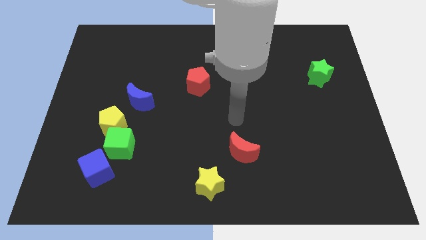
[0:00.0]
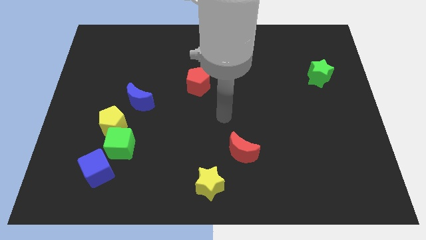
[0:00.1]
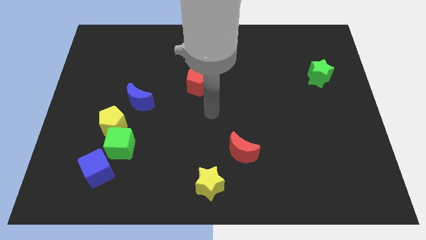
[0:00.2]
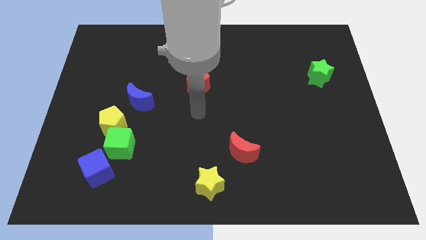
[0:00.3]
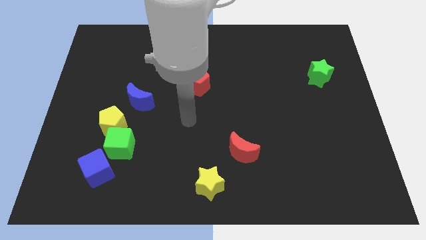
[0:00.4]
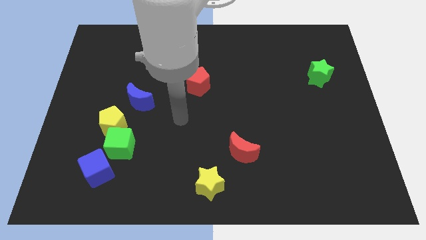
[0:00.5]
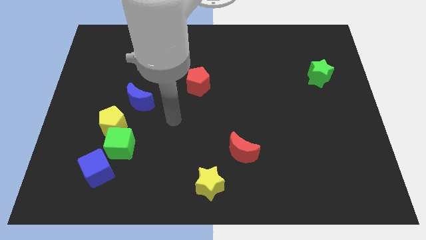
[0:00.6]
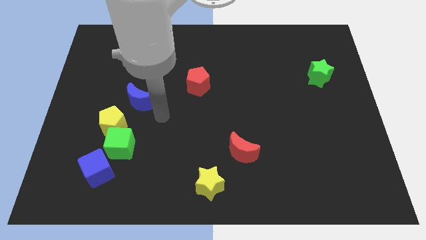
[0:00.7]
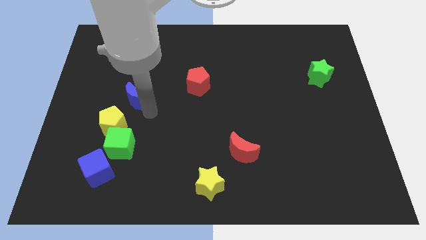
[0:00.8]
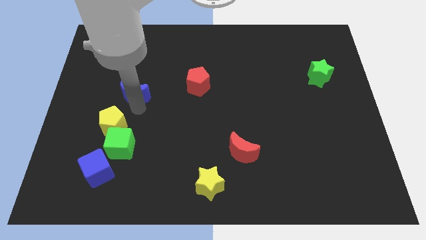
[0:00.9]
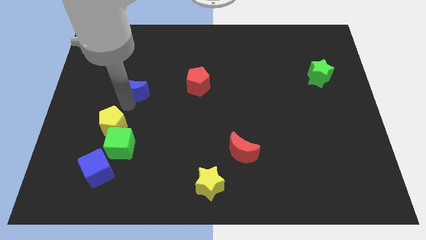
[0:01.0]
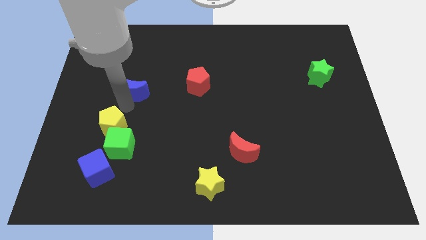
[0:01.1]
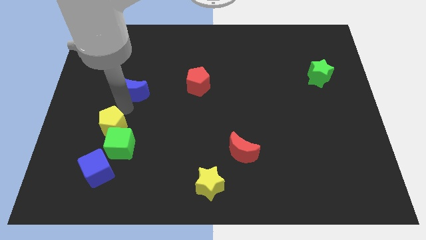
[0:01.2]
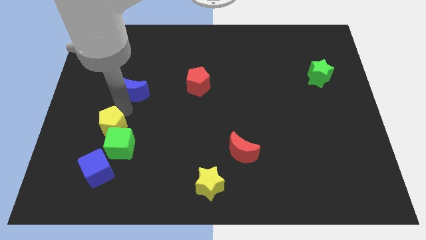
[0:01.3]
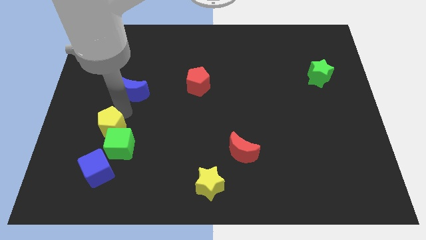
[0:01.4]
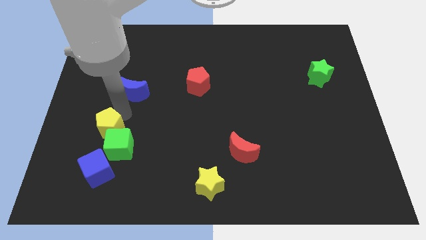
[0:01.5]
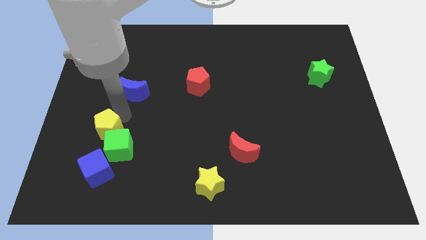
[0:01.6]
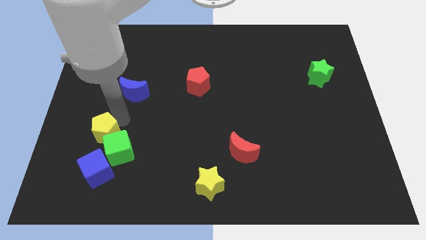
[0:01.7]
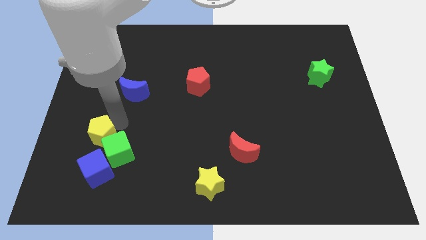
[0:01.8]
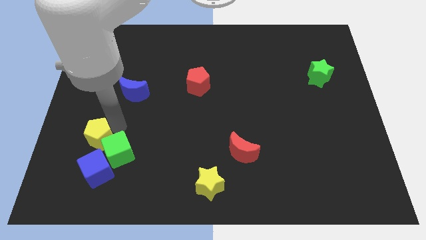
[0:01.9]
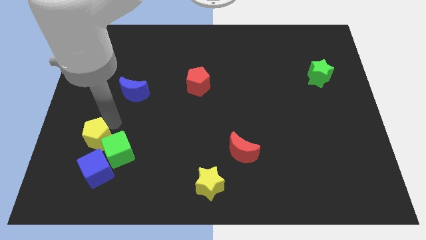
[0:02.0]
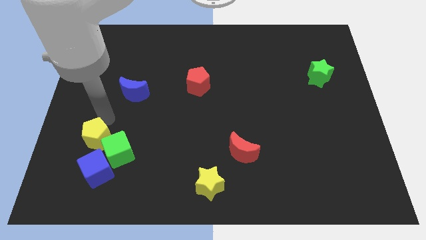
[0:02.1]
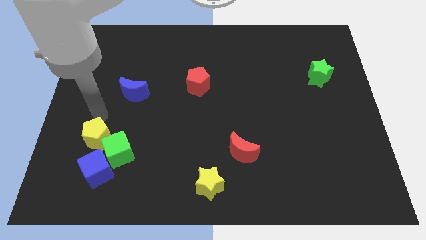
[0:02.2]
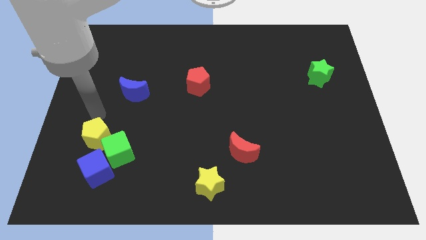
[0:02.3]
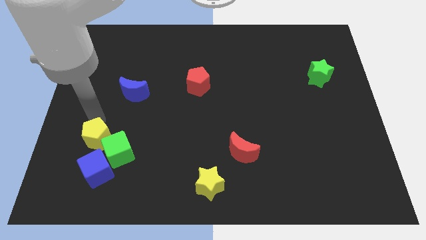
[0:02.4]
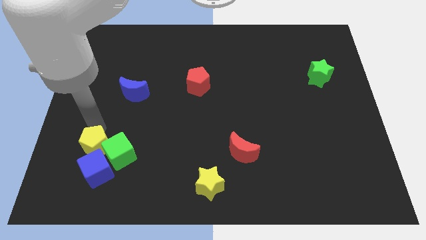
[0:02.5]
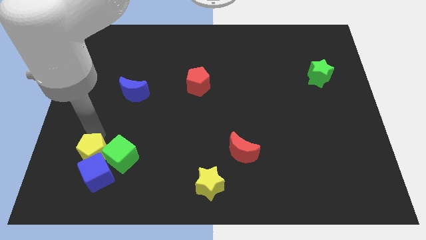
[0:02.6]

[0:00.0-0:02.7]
slide the yellow pentagon to the blue cube

- TO DO: Apart from its pictures, the data is to be repeated exactly.

- WRITTEN SOLUTION:
[0:00.0]
[0:00.1]
[0:00.2]
[0:00.3]
[0:00.4]
[0:00.5]
[0:00.6]
[0:00.7]
[0:00.8]
[0:00.9]
[0:01.0]
[0:01.1]
[0:01.2]
[0:01.3]
[0:01.4]
[0:01.5]
[0:01.6]
[0:01.7]
[0:01.8]
[0:01.9]
[0:02.0]
[0:02.1]
[0:02.2]
[0:02.3]
[0:02.4]
[0:02.5]
[0:02.6]

[0:00.0-0:02.7]
slide the yellow pentagon to the blue cube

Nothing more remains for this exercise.